---------- Data
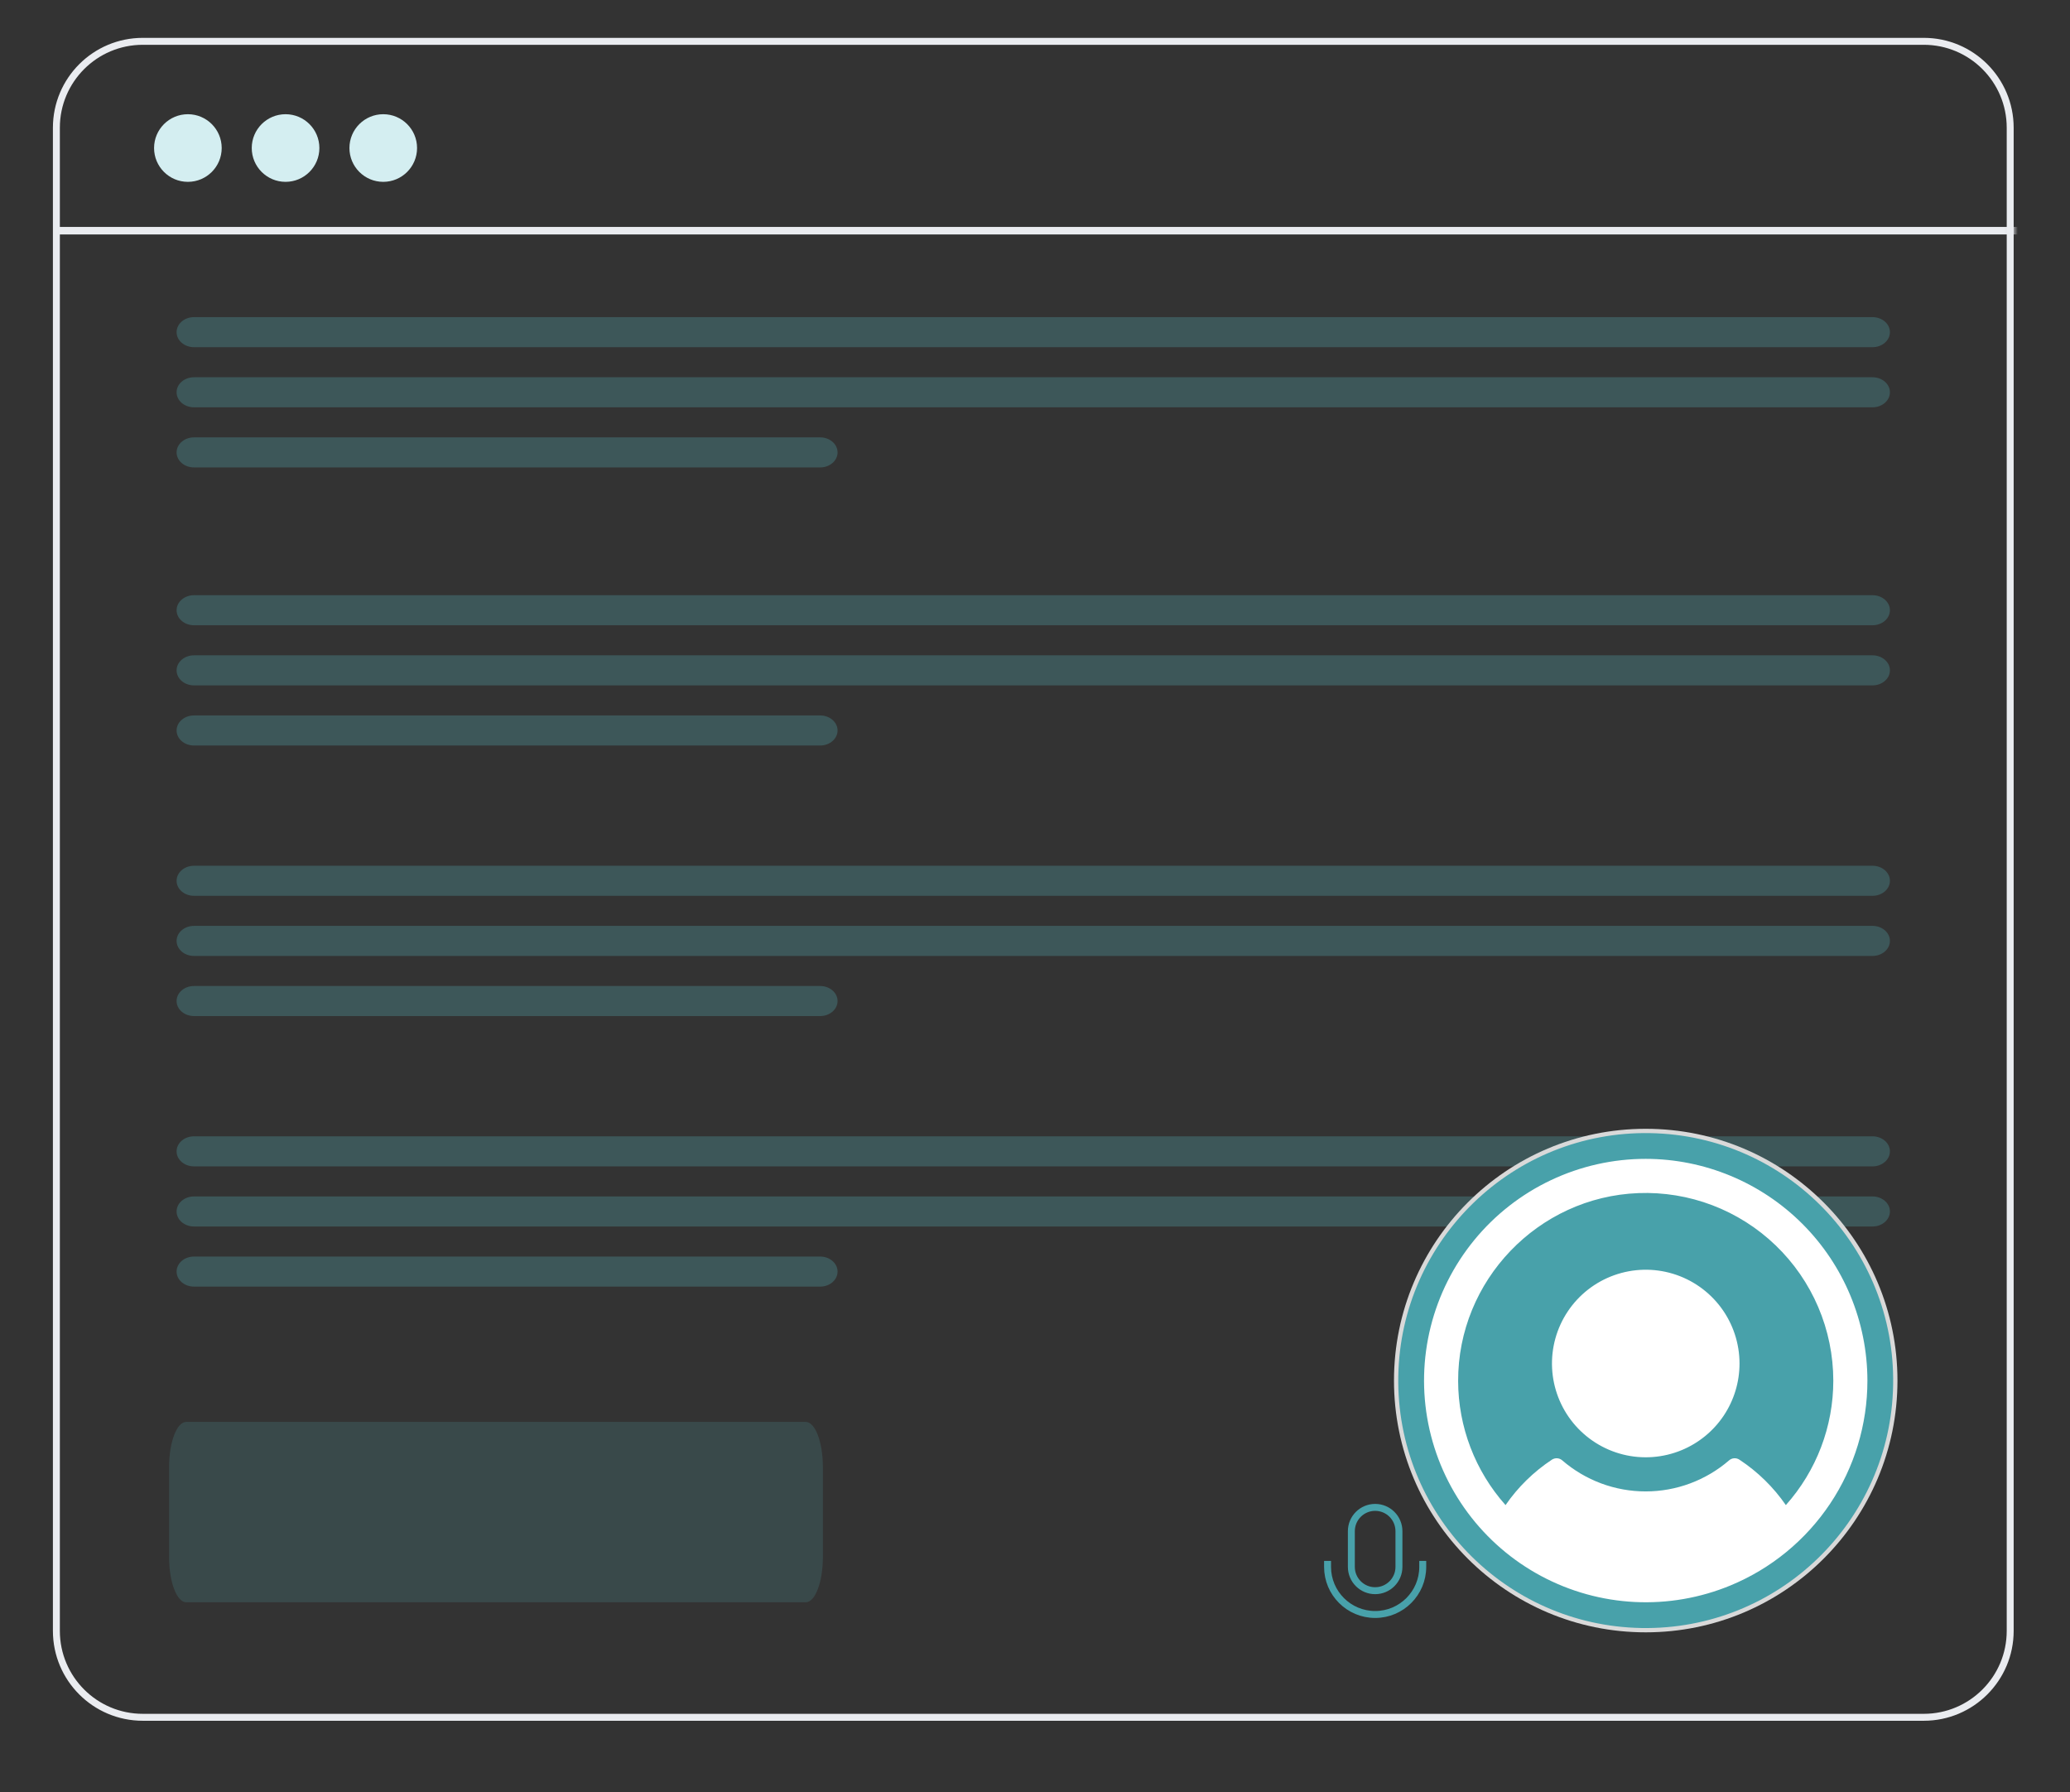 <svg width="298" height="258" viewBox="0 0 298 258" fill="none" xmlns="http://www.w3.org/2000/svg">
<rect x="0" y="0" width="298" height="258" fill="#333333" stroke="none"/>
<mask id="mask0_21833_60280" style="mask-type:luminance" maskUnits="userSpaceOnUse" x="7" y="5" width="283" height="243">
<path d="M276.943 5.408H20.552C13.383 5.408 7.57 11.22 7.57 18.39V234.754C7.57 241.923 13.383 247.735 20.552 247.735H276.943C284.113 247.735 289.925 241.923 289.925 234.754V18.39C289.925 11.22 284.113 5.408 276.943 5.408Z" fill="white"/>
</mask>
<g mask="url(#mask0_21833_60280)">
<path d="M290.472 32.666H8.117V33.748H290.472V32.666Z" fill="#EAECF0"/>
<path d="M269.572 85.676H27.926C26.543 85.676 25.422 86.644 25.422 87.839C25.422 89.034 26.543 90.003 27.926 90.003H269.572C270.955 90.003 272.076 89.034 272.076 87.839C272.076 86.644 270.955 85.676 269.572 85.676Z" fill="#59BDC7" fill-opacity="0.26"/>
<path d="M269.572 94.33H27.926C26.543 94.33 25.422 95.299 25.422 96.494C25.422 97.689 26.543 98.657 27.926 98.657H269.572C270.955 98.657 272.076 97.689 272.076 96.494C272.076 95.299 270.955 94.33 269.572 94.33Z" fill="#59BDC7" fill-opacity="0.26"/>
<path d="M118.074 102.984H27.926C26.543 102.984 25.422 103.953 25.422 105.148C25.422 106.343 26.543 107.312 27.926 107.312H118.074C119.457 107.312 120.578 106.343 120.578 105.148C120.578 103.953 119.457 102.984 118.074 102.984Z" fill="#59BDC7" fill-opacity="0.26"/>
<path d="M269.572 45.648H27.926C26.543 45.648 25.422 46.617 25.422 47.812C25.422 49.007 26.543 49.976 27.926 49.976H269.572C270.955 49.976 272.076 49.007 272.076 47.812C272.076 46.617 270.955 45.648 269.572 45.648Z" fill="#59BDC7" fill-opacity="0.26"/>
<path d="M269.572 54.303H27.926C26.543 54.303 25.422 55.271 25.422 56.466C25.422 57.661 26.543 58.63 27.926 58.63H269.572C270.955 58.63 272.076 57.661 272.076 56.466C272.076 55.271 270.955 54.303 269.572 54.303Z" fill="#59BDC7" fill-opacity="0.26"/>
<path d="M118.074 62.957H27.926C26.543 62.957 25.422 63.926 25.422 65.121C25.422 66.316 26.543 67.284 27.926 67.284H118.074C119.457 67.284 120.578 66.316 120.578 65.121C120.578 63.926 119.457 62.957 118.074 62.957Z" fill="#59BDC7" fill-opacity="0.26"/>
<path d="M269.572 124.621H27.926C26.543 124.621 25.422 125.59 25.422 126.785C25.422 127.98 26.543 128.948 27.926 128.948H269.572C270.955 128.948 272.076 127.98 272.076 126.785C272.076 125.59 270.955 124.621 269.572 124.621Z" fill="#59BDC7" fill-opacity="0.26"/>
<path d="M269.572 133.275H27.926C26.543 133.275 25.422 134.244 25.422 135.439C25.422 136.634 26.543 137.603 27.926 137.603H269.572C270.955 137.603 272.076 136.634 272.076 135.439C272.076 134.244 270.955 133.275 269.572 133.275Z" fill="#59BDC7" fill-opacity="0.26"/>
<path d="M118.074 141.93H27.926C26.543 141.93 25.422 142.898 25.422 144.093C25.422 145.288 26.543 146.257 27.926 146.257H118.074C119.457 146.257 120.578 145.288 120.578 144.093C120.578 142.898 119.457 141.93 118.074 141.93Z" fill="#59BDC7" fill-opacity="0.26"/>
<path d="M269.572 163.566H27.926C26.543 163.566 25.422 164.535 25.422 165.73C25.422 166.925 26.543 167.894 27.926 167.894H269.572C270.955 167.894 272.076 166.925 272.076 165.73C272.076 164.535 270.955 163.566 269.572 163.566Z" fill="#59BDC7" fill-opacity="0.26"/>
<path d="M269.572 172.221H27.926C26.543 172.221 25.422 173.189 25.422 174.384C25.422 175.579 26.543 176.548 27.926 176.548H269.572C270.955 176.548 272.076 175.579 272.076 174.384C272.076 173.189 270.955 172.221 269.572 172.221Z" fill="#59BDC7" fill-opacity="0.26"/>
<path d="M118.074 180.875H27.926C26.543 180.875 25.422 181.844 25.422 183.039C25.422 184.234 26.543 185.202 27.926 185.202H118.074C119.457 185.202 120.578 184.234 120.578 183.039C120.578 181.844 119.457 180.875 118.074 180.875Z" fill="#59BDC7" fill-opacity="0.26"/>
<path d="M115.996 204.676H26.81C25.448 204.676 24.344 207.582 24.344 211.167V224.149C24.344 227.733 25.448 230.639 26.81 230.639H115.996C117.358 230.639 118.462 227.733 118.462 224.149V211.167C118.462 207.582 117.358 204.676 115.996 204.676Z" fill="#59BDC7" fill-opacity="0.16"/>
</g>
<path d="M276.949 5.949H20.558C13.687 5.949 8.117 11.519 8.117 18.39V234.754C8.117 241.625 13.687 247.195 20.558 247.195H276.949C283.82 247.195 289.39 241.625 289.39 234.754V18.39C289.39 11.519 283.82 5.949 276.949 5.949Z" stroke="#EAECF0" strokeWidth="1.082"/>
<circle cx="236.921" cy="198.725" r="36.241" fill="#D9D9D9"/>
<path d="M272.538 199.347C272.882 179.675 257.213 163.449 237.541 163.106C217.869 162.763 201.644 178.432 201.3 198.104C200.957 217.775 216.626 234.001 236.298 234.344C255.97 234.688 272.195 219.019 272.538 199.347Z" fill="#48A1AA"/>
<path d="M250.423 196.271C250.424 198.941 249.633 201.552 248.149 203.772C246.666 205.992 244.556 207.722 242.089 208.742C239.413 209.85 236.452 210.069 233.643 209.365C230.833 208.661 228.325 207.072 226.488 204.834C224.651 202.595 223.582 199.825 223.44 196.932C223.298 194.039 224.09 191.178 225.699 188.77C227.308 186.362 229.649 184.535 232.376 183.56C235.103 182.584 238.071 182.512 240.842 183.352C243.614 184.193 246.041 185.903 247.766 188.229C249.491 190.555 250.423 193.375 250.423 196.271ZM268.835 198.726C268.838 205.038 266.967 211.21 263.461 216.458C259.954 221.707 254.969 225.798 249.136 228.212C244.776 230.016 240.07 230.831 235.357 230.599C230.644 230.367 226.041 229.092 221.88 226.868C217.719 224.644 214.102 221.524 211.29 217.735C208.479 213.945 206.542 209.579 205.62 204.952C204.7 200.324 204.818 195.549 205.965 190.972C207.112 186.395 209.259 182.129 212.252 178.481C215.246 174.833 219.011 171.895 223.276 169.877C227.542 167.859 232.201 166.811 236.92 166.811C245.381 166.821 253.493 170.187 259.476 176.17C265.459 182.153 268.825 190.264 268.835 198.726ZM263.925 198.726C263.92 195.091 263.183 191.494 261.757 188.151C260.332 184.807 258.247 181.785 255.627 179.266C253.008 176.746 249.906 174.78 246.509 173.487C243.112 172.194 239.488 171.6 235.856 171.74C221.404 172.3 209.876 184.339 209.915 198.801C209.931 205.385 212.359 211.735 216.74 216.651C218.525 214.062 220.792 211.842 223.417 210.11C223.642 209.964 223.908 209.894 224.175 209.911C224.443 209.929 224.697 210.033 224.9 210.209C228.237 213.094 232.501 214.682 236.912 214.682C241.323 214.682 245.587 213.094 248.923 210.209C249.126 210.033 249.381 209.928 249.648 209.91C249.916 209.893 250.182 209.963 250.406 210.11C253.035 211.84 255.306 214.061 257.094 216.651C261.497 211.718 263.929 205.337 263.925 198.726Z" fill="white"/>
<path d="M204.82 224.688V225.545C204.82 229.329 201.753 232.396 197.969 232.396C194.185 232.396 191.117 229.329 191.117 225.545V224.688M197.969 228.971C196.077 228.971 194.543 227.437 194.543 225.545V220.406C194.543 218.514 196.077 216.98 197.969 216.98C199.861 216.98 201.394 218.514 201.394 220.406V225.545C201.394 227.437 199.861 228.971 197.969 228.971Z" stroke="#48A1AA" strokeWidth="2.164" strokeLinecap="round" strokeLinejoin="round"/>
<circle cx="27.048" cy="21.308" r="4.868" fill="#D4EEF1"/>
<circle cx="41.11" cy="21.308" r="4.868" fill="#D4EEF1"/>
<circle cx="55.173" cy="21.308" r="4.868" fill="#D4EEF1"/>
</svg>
--------------------
- [Activity]
Only lines with the word "mask" should be collected from the material.

- [Task result]
<mask id="mask0_21833_60280" style="mask-type:luminance" maskUnits="userSpaceOnUse" x="7" y="5" width="283" height="243">
</mask>
<g mask="url(#mask0_21833_60280)">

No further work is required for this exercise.